Once data is stored in the cloud effectively, it’s time to analyze it

After the data is stored in a data lake, says Carter, an organizations’ next step is to set up an analytics engine. 

“Analytics tools help provide insight from data,” she says. “They search, explore, filter, aggregate, and visualize data in near real time for application monitoring, log analytics, and clickstream analytics.”
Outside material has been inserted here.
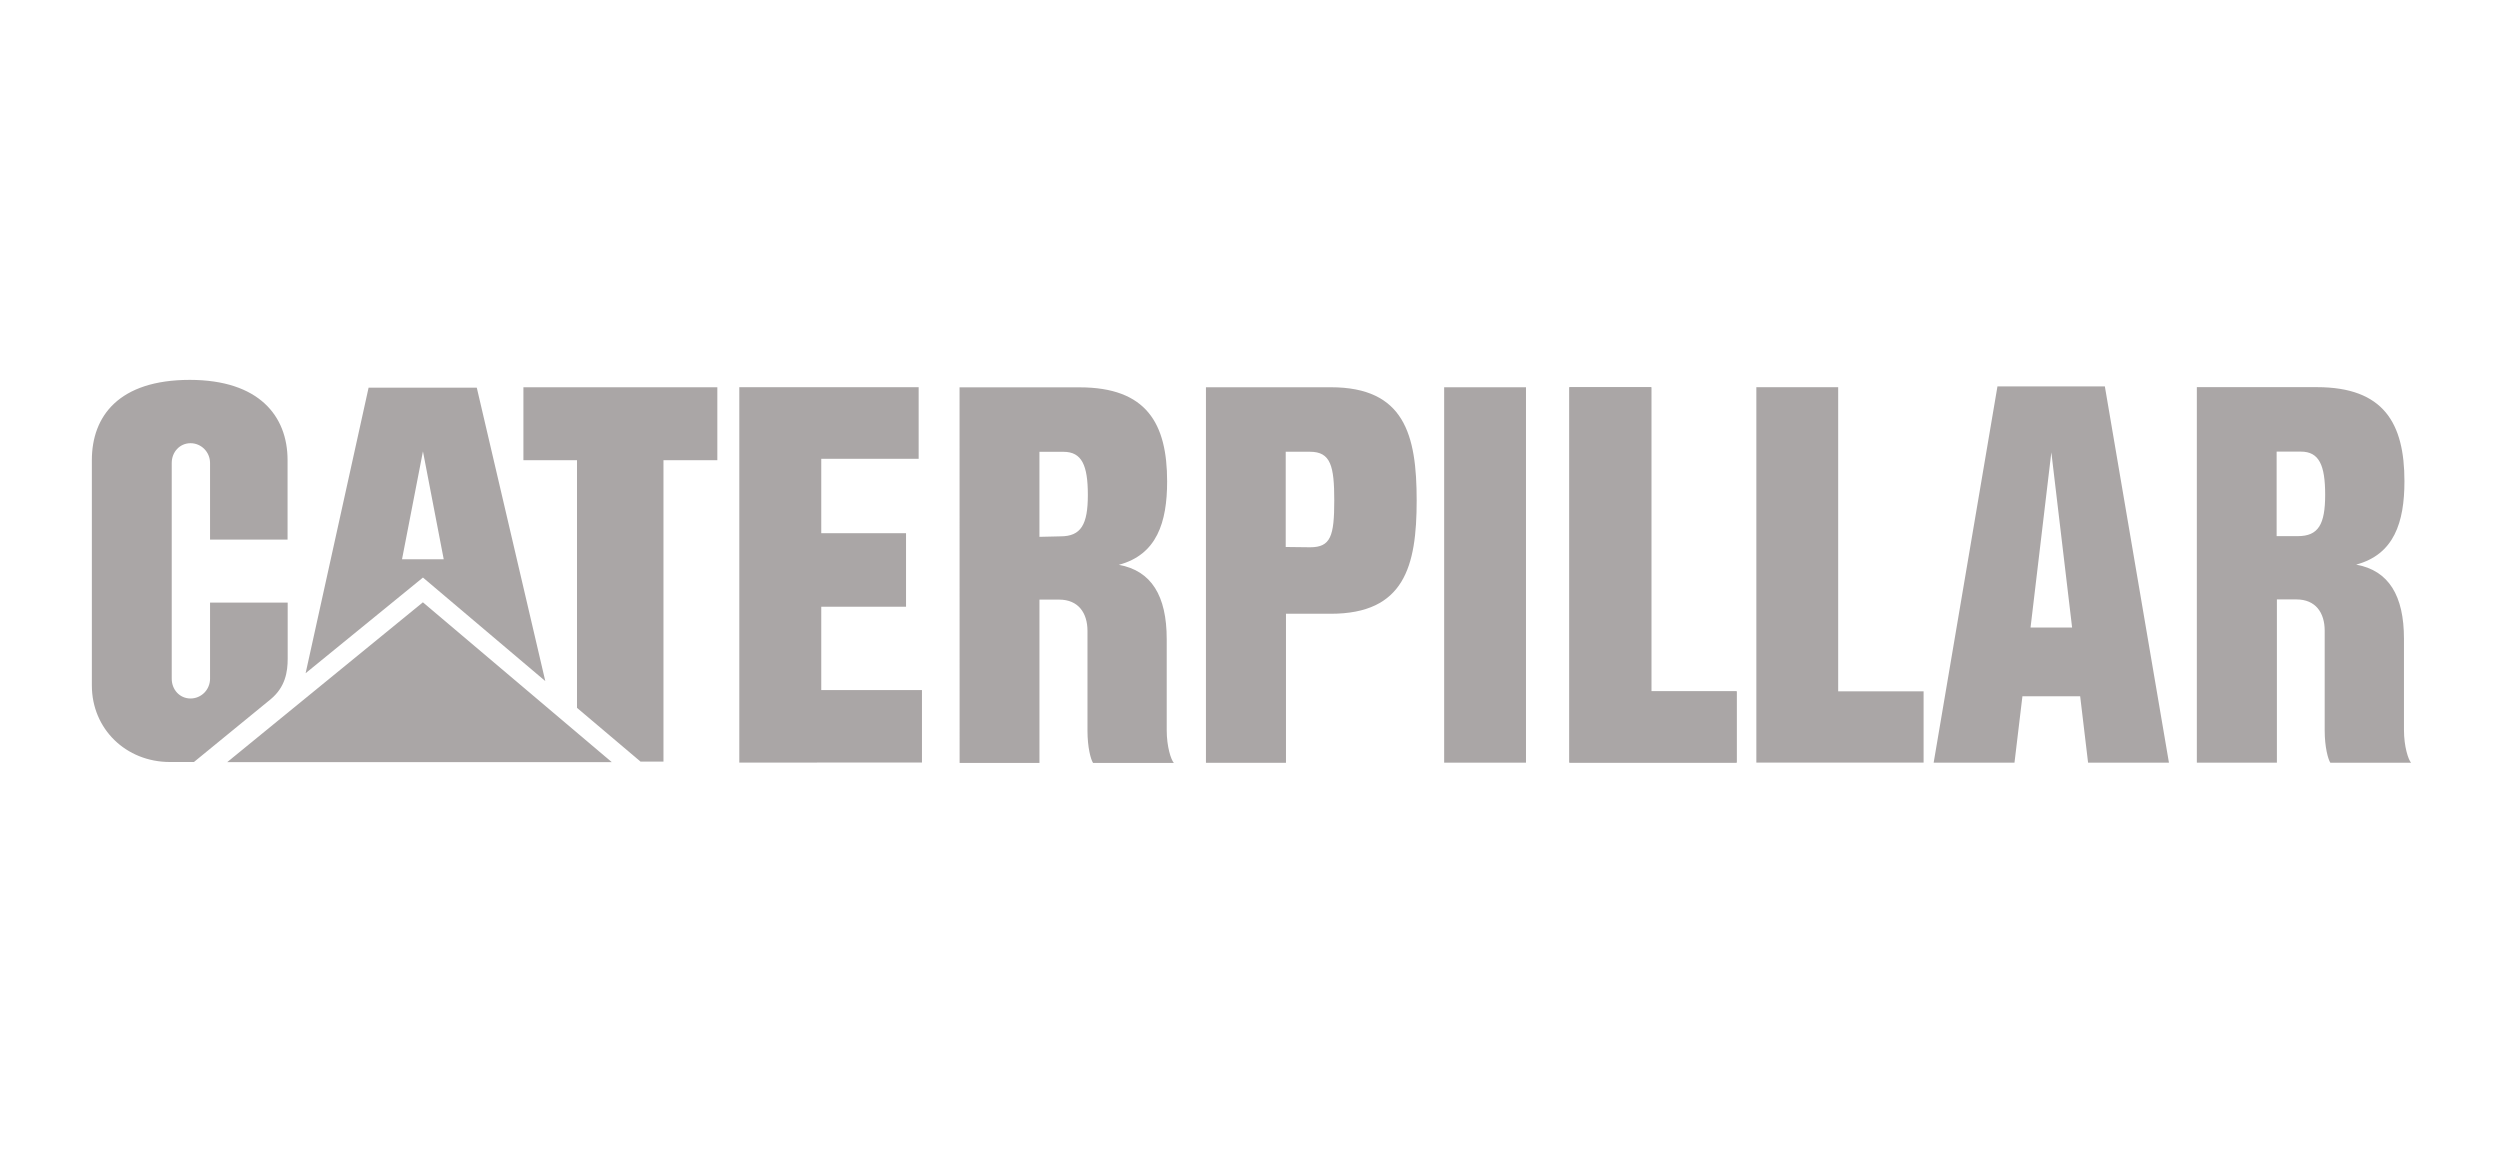 <svg xmlns="http://www.w3.org/2000/svg" width="121" height="56" viewBox="0 0 121 56" fill="none"><path d="M51.328 25.959L50.309 25.983V21.868H51.477C52.361 21.868 52.652 22.523 52.652 23.955C52.652 25.387 52.324 25.959 51.328 25.959ZM56.469 35.341V30.93C56.469 28.839 55.73 27.623 54.151 27.337C55.987 26.847 56.489 25.292 56.489 23.299C56.489 20.492 55.49 18.747 52.248 18.747H46.442L46.445 36.925H50.31V29.021H51.263C52.193 29.021 52.634 29.67 52.634 30.535V35.37C52.634 36.173 52.794 36.766 52.904 36.925H56.814C56.677 36.773 56.469 36.145 56.469 35.341ZM13.113 33.833C13.806 33.25 13.924 32.529 13.924 31.882V29.165H10.166V32.852C10.166 32.977 10.142 33.101 10.094 33.217C10.047 33.333 9.977 33.438 9.89 33.527C9.802 33.616 9.698 33.686 9.583 33.734C9.468 33.783 9.346 33.807 9.221 33.807C8.699 33.807 8.312 33.38 8.312 32.852V22.406C8.312 21.879 8.699 21.451 9.221 21.451C9.743 21.451 10.166 21.879 10.166 22.406V26.117H13.918V22.267C13.918 20.14 12.542 18.39 9.189 18.386C5.748 18.386 4.446 20.145 4.446 22.271V33.178C4.446 35.286 6.103 36.881 8.223 36.881H9.387L13.113 33.833ZM111.215 25.949H110.189V21.858H111.363C112.246 21.858 112.538 22.514 112.538 23.945C112.538 25.377 112.213 25.949 111.215 25.949ZM116.352 35.331V30.92C116.352 28.829 115.617 27.614 114.038 27.327C115.873 26.836 116.375 25.282 116.375 23.292C116.375 20.483 115.373 18.738 112.134 18.738H106.327V36.914H110.202V29.012H111.147C112.079 29.012 112.515 29.659 112.515 30.525V35.36C112.515 36.165 112.681 36.757 112.788 36.915H116.695C116.56 36.763 116.352 36.135 116.352 35.331ZM98.278 30.374L99.285 21.893L100.29 30.374H98.278ZM101.875 18.702H96.677L93.589 36.913H97.501L97.885 33.7L100.68 33.698L101.063 36.913H104.977L101.875 18.702ZM75.958 36.911V18.742H79.922V33.462H84.053V36.911H75.958ZM69.897 18.743H73.858V36.912H69.897V18.743Z" fill="#AAA6A6"></path><path d="M75.958 36.911V18.742H79.923V33.462H84.053V36.911H75.958ZM85.007 36.911V18.742H88.968V33.462H93.102V36.911H85.007ZM63.411 26.488L62.229 26.474V21.865H63.405C64.409 21.865 64.578 22.56 64.578 24.224C64.578 25.943 64.409 26.488 63.411 26.488ZM64.409 18.743H58.368V36.919H62.241V29.706H64.409C67.967 29.706 68.567 27.416 68.567 24.224C68.568 21.032 67.968 18.743 64.409 18.743ZM39.749 22.206V25.806H43.852V29.366H39.749V33.4L44.623 33.398V36.906L35.782 36.91V18.739H35.778H44.463V22.206H39.749ZM27.927 34.26V22.274H25.333V18.745H34.719V22.275H32.112V36.86H31L27.927 34.26Z" fill="#AAA6A6"></path><path d="M29.608 36.886L20.468 29.152L10.998 36.886H29.608Z" fill="#AAA6A6"></path><path d="M19.458 27.068L20.471 21.846L21.476 27.068H19.458ZM23.076 18.763H17.84L14.792 32.583L20.471 27.953L26.392 32.964L23.076 18.763Z" fill="#AAA6A6"></path></svg>

Carter cites Arkhotech, an AWS Advanced Partner, as an example of a company effectively harnessing analytics. When distributed and disjointed data from different government institutions slowed the Subsecretaria de Prevencion del Delito of Chile (SPD) from meeting their mission of crime prevention, Arkhotech worked with SPD to migrate nine sources of data to a data lake on AWS. Arkhotech then used data analytics to make data reporting and public data publishing simpler and supplied data visualization tools to SPD—and the time it took to make information available to employees decreased from two weeks to one day. 

“The analytics also enabled SPD to gain accurate and timely insights that could drive business decisions, such as resource allocation, citizen protection needs, and reveal operational inefficiencies,” she says.

Carter identifies the final step to data transformation as leveraging artificial intelligence technologies, including machine learning and deep learning. 

“The business landscape and the corresponding rules regarding data are changing so frequently that organizations need systems to be intelligent and agile enough to adapt to these changes at a quicker pace,” she says. “Therefore, machine learning has become a necessary component of advanced data analytics systems. Machine learning systems evaluate data, assess the quality, predict missing inputs, and provide recommendations.”

Managing huge amounts of data in real time

Recently, the technology companies OSRAM and Continental launched a joint venture to develop innovative automotive lighting systems to meet the needs of modern mobility concepts. Speed was imperative during the launch: There was only a six-month window between the joint venture’s announcement and the first day of operation. OSRAM Continental had to set up an IT infrastructure within this limited window.

AWS helped OSRAM Continental build entirely new and ready-to-run IT infrastructure based on VMware Cloud on AWS. Working through one vendor allowed OSRAM Continental to get everything it needed in a short period of time, they set up an entire data center in three to four hours. The setup allowed for a speedy implementation within the cloud data center, as well as cost savings, maximum flexibility, and centralized management. 

Going forward, trends such as projections in and outside of the vehicle will require huge volumes of data, and much of this data will be managed in real time. 

“Managing real-time and streaming data is critical,” says Pathak. “AWS provides a number of services, such as Amazon Kinesis Data Streams and Amazon Managed Streaming for Apache Kafka, that make it easy and cost-effective for customers to work with massive volumes of real-time data for advanced analytics, machine learning, edge computing, Internet of things, and more.”

And while a modern, cloud-based data and analytics foundation is necessary to be truly “data-driven,” Pathak notes, companies also need to think about culture and skills.

“Leaders need to establish data as an organizational asset, ensure data is available in a secure and well-governed way to the folks in their organizations that need it, and set an expectation that people use data to back up their decisions and recommendations.”